YOUR INSTRUCTIONS:
What is needed is an exact copy of the data below, pictures excluded.

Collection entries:
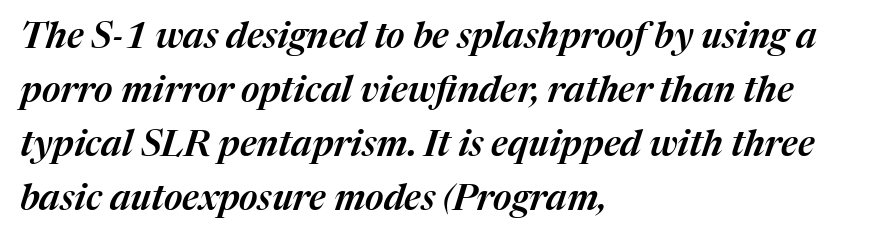
{"italic": "yes", "lean": "right", "slant_degrees": 17, "width": "normal", "stroke_contrast": "medium", "x_height": "medium", "monospaced": "no", "underline": "no", "align": "left", "line_spacing": "normal", "line_spacing_ratio": 1.5, "letter_spacing": "normal", "letter_spacing_em": 0.0, "glyph_px": 36}
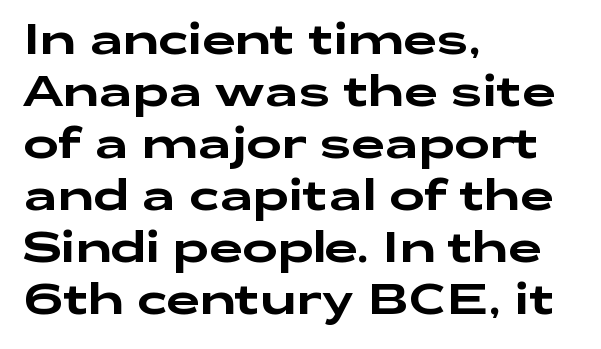
Q: Is the text italic (slanted)? A: No, it is upright.
Q: Is the typeface a serif or a sans-serif typeface? A: Sans-serif.
Q: Is the text underlined? A: No.
Q: How is the paragraph aligned? A: Left-aligned.
Q: Is the spacing between letters normal or unusually wide? A: Normal.
Q: Width (condensed, normal, or wide)? A: Wide.
Q: Stroke contrast? A: Low.
Q: x-height? A: Medium.
Q: Monospaced? A: No.
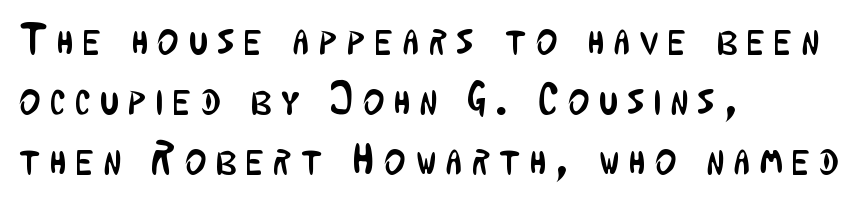
Each stroke keeps to a modest, everyday thickness or less. No feet cap the strokes, marking this as sans-serif type. Character widths vary here, with narrow letters taking less room than wide ones. The tracking jumps out immediately: characters are airy and widely separated. The zone under the glyphs is completely vacant. This sample is left-justified, so line endings fall wherever the words run out.
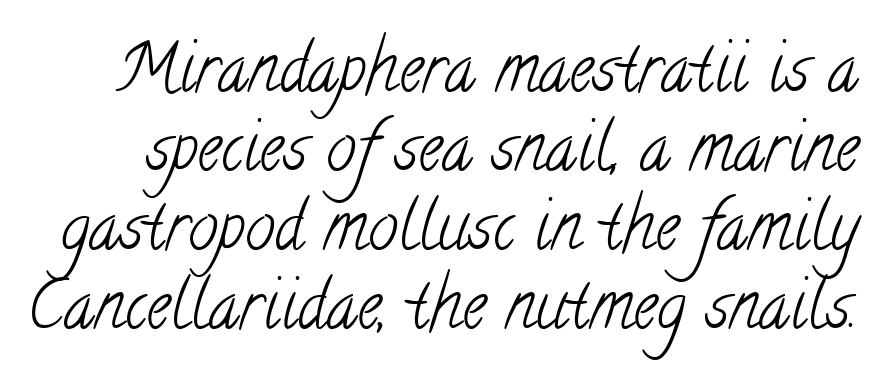
{"serif": "yes", "bold": "no", "weight": "light", "width": "condensed", "stroke_contrast": "low", "x_height": "small", "monospaced": "no", "underline": "no", "line_spacing_ratio": 1.18, "letter_spacing": "normal", "letter_spacing_em": 0.0, "glyph_px": 67}

ANSWER TO THIS PROBLEM:
{"italic": "yes", "lean": "right", "slant_degrees": 17, "width": "normal", "stroke_contrast": "medium", "x_height": "medium", "monospaced": "no", "underline": "no", "align": "left", "line_spacing": "normal", "line_spacing_ratio": 1.5, "letter_spacing": "normal", "letter_spacing_em": 0.0, "glyph_px": 36}
Q: Is the text italic (slanted)? A: No, it is upright.
Q: Is the typeface a serif or a sans-serif typeface? A: Sans-serif.
Q: Is the text underlined? A: No.
Q: How is the paragraph aligned? A: Left-aligned.
Q: Is the spacing between letters normal or unusually wide? A: Normal.
Q: Width (condensed, normal, or wide)? A: Wide.
Q: Stroke contrast? A: Low.
Q: x-height? A: Medium.
Q: Monospaced? A: No.
Each stroke keeps to a modest, everyday thickness or less. No feet cap the strokes, marking this as sans-serif type. Character widths vary here, with narrow letters taking less room than wide ones. The tracking jumps out immediately: characters are airy and widely separated. The zone under the glyphs is completely vacant. This sample is left-justified, so line endings fall wherever the words run out.
{"serif": "yes", "bold": "no", "weight": "light", "width": "condensed", "stroke_contrast": "low", "x_height": "small", "monospaced": "no", "underline": "no", "line_spacing_ratio": 1.18, "letter_spacing": "normal", "letter_spacing_em": 0.0, "glyph_px": 67}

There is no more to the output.